Recorded data -

*** Block opens ***

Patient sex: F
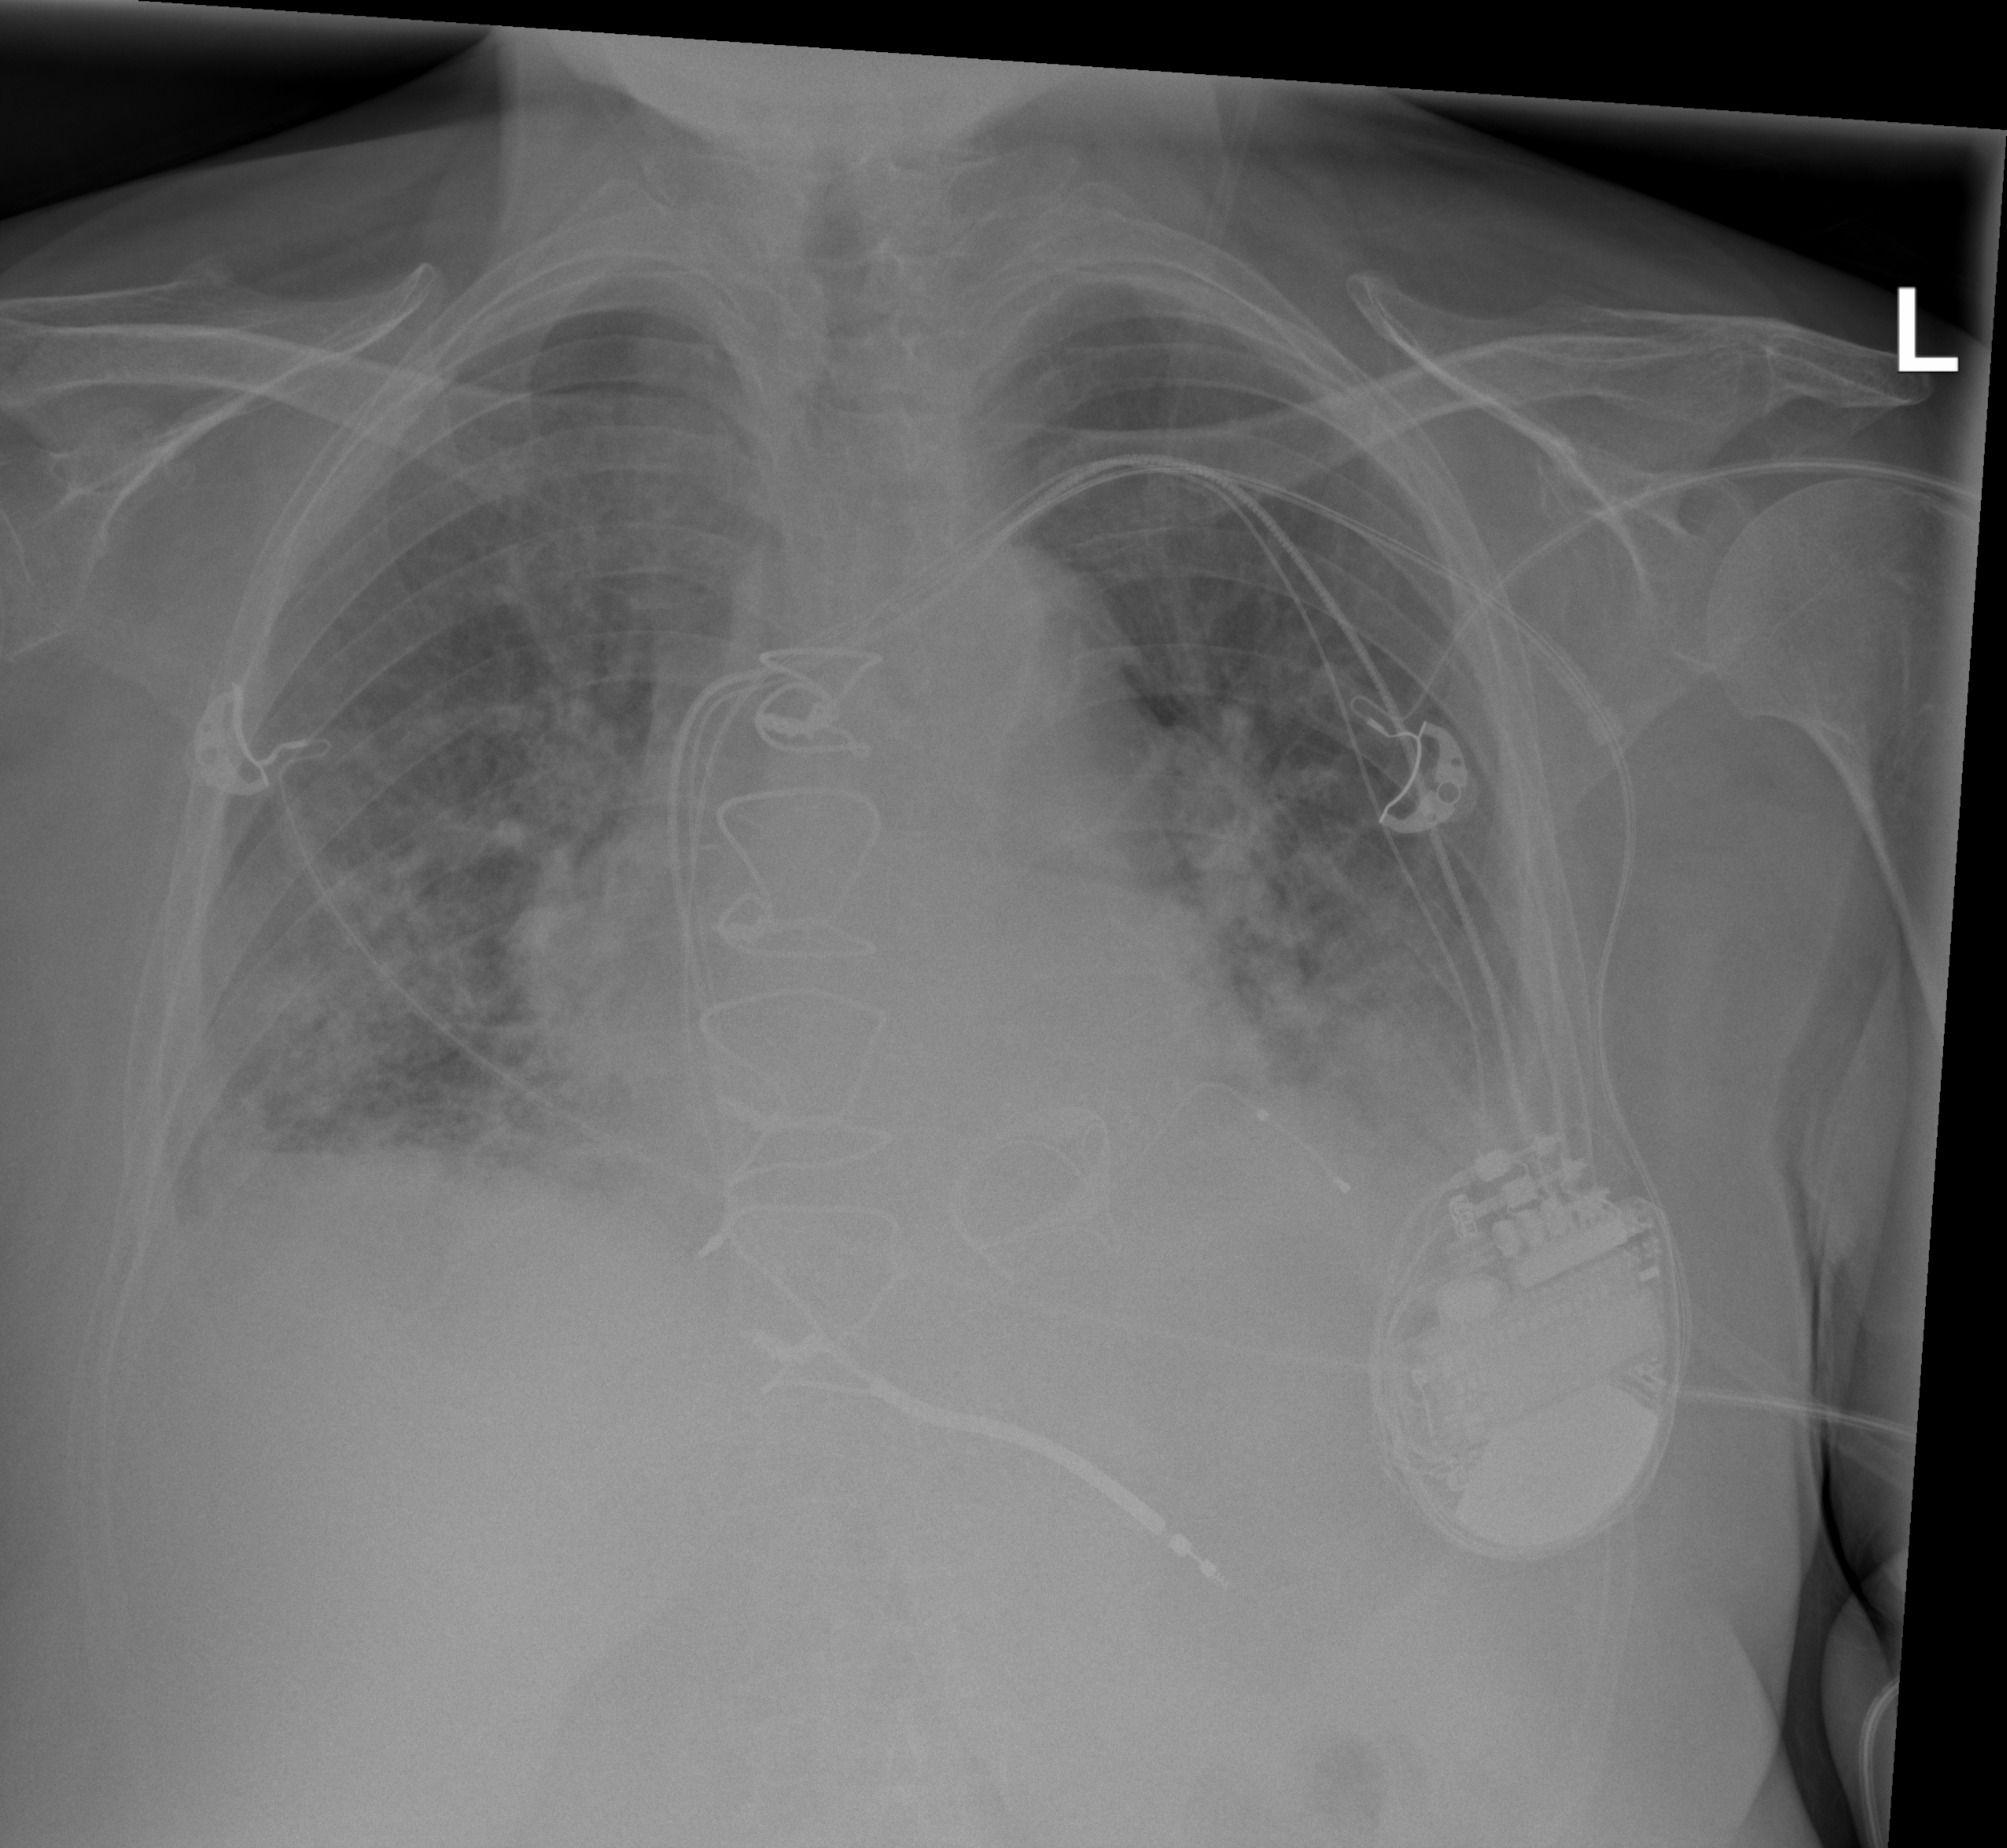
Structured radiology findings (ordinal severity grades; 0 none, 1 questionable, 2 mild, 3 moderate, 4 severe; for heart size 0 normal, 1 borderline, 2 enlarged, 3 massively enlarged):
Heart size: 2
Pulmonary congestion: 3
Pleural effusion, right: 1
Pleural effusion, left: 1
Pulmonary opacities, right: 2
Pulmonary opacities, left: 2
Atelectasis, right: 3
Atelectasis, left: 2
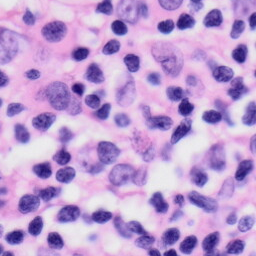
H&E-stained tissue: Skin
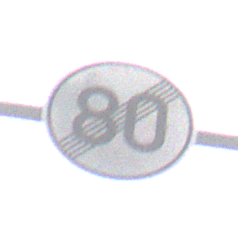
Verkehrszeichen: EndeGeschwindigkeit80
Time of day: Midday
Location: Outdoor (Urban)
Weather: Overcast
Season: NotSpecified
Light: Natural
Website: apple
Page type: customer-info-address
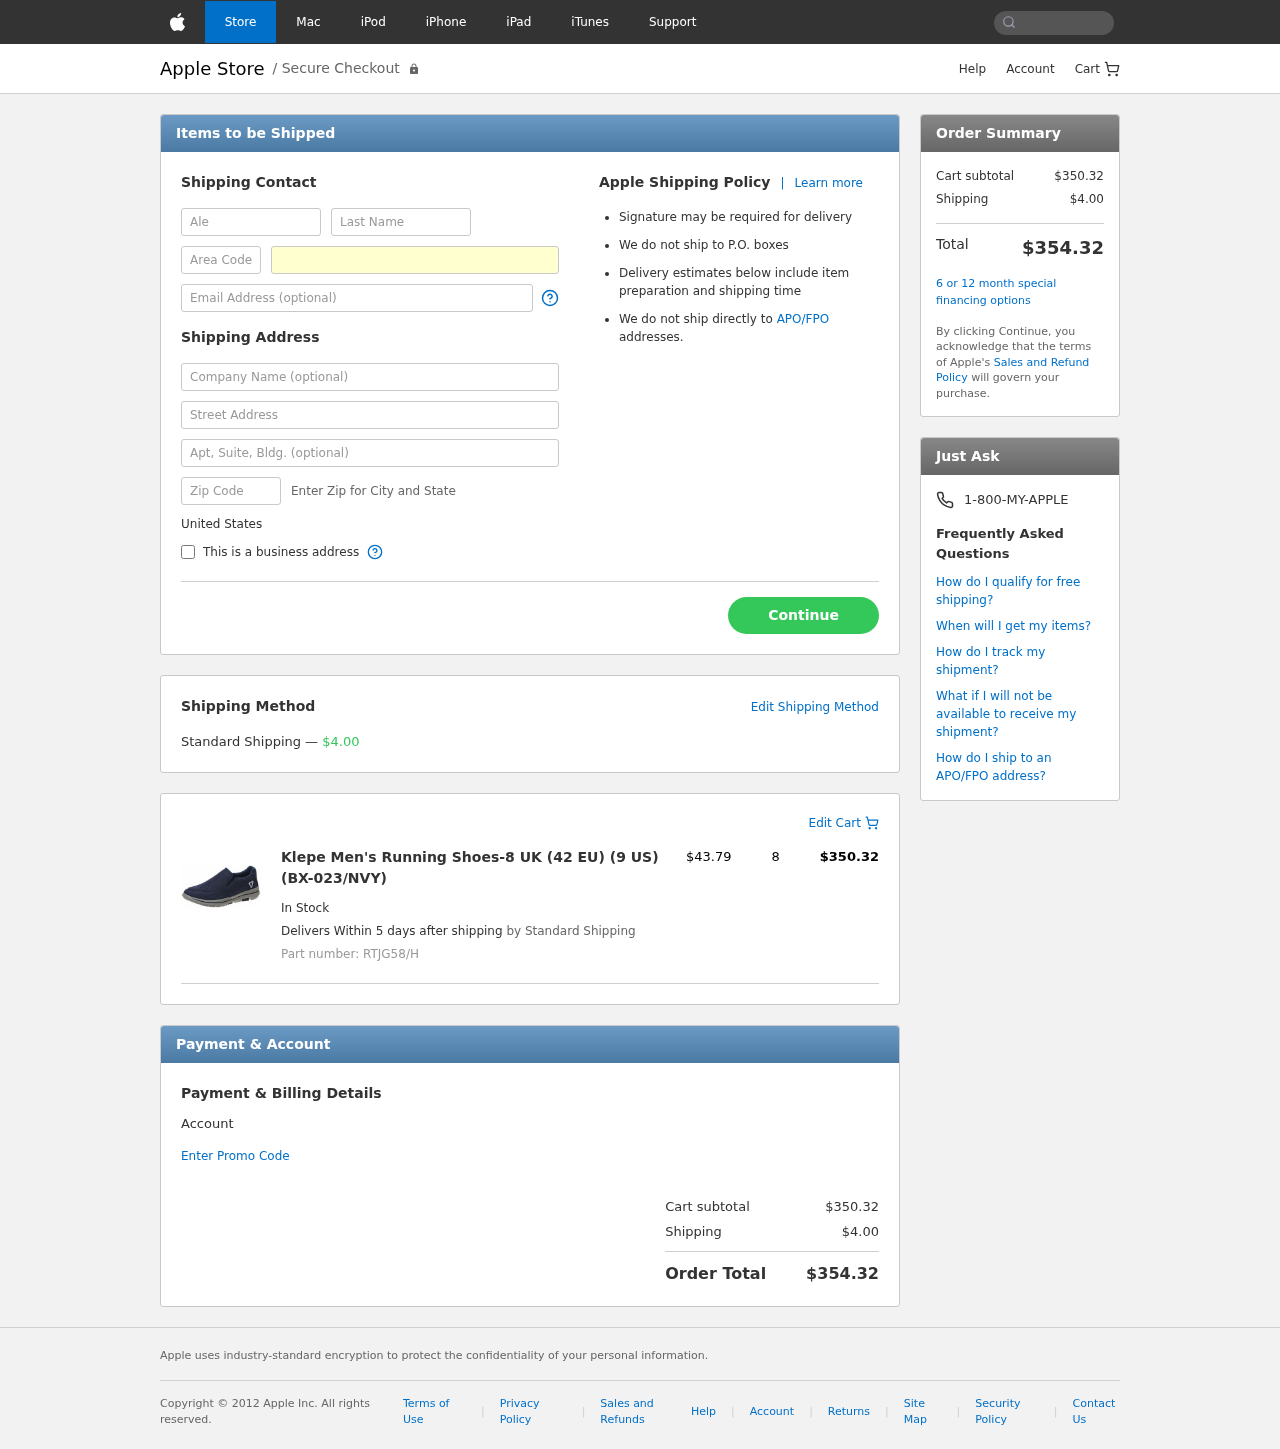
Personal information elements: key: PII_COUNTRY
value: United States
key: PII_FIRSTNAME
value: Alexander
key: PII_LASTNAME
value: Francis
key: PII_PHONE_AREA
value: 886
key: PII_PHONE_LINE
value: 7109
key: PII_EMAIL
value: afrancis@hotmail.com
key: PII_COMPANY
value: Spencer PLC
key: PII_STREET
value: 5107 Elliott Cliff Apt. 451
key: PII_POSTCODE
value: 31206
Product elements: key: PRODUCT1_NAME
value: Klepe Men's Running Shoes-8 UK (42 EU) (9 US) (BX-023/NVY)
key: PRODUCT1_PRICE
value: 43.79
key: PRODUCT1_QUANTITY
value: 8
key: PRODUCT1_SKU
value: RTJG58/H
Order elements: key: ORDER_SHIPPING_COST
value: $4.00
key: ORDER_ITEM_TOTAL
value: $350.32
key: ORDER_SUBTOTAL
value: $350.32
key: ORDER_TOTAL
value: $354.32
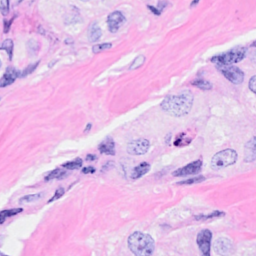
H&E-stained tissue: Breast
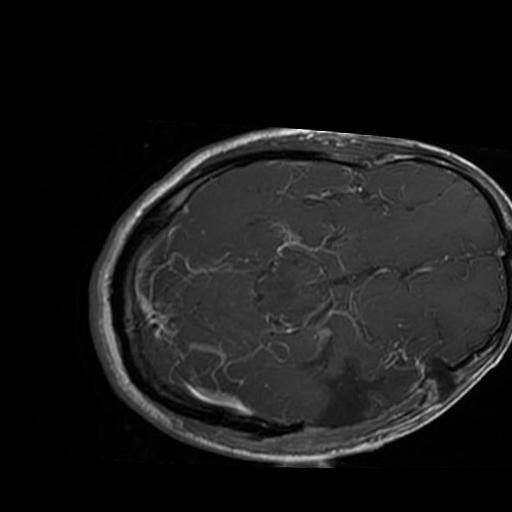
Label: brain_glioma
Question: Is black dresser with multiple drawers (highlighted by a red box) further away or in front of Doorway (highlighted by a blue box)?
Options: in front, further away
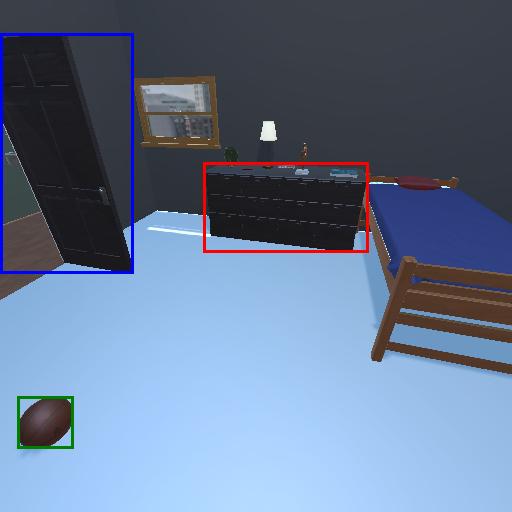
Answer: in front

*** Block closes ***

Give back the exact lines above, running from the one that has "Atelectasis, right: 3" through the one that has "key: PII_FIRSTNAME", with nothing added and no pictures.

Atelectasis, right: 3
Atelectasis, left: 2
H&E-stained tissue: Skin
Verkehrszeichen: EndeGeschwindigkeit80
Time of day: Midday
Location: Outdoor (Urban)
Weather: Overcast
Season: NotSpecified
Light: Natural
Website: apple
Page type: customer-info-address
Personal information elements: key: PII_COUNTRY
value: United States
key: PII_FIRSTNAME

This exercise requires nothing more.